All entries below must be reproduced without a single change.

BEGIN

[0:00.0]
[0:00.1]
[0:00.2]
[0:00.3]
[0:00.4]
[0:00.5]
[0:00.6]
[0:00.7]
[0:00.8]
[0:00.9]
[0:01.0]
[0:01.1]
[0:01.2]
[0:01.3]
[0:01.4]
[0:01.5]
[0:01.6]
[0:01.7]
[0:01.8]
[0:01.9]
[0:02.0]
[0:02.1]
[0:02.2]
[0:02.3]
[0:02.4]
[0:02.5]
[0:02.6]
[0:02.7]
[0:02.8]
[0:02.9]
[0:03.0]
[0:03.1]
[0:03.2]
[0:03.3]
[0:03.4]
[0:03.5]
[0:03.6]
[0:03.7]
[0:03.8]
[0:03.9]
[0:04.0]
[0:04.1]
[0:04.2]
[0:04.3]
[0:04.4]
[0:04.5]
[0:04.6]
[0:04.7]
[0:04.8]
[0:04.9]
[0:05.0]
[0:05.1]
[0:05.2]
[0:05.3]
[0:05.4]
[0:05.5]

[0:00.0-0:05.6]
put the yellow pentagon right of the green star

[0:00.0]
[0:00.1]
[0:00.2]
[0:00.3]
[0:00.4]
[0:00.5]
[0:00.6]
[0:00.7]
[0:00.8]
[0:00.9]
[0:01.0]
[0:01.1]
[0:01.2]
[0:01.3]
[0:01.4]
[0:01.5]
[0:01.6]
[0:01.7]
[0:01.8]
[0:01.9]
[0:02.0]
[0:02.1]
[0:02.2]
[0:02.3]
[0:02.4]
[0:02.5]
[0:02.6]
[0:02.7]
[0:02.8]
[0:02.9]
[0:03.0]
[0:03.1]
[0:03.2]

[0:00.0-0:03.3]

END

▸ ANSWER TO THE PROBLEM
[0:00.0]
[0:00.1]
[0:00.2]
[0:00.3]
[0:00.4]
[0:00.5]
[0:00.6]
[0:00.7]
[0:00.8]
[0:00.9]
[0:01.0]
[0:01.1]
[0:01.2]
[0:01.3]
[0:01.4]
[0:01.5]
[0:01.6]
[0:01.7]
[0:01.8]
[0:01.9]
[0:02.0]
[0:02.1]
[0:02.2]
[0:02.3]
[0:02.4]
[0:02.5]
[0:02.6]
[0:02.7]
[0:02.8]
[0:02.9]
[0:03.0]
[0:03.1]
[0:03.2]
[0:03.3]
[0:03.4]
[0:03.5]
[0:03.6]
[0:03.7]
[0:03.8]
[0:03.9]
[0:04.0]
[0:04.1]
[0:04.2]
[0:04.3]
[0:04.4]
[0:04.5]
[0:04.6]
[0:04.7]
[0:04.8]
[0:04.9]
[0:05.0]
[0:05.1]
[0:05.2]
[0:05.3]
[0:05.4]
[0:05.5]

[0:00.0-0:05.6]
put the yellow pentagon right of the green star

[0:00.0]
[0:00.1]
[0:00.2]
[0:00.3]
[0:00.4]
[0:00.5]
[0:00.6]
[0:00.7]
[0:00.8]
[0:00.9]
[0:01.0]
[0:01.1]
[0:01.2]
[0:01.3]
[0:01.4]
[0:01.5]
[0:01.6]
[0:01.7]
[0:01.8]
[0:01.9]
[0:02.0]
[0:02.1]
[0:02.2]
[0:02.3]
[0:02.4]
[0:02.5]
[0:02.6]
[0:02.7]
[0:02.8]
[0:02.9]
[0:03.0]
[0:03.1]
[0:03.2]

[0:00.0-0:03.3]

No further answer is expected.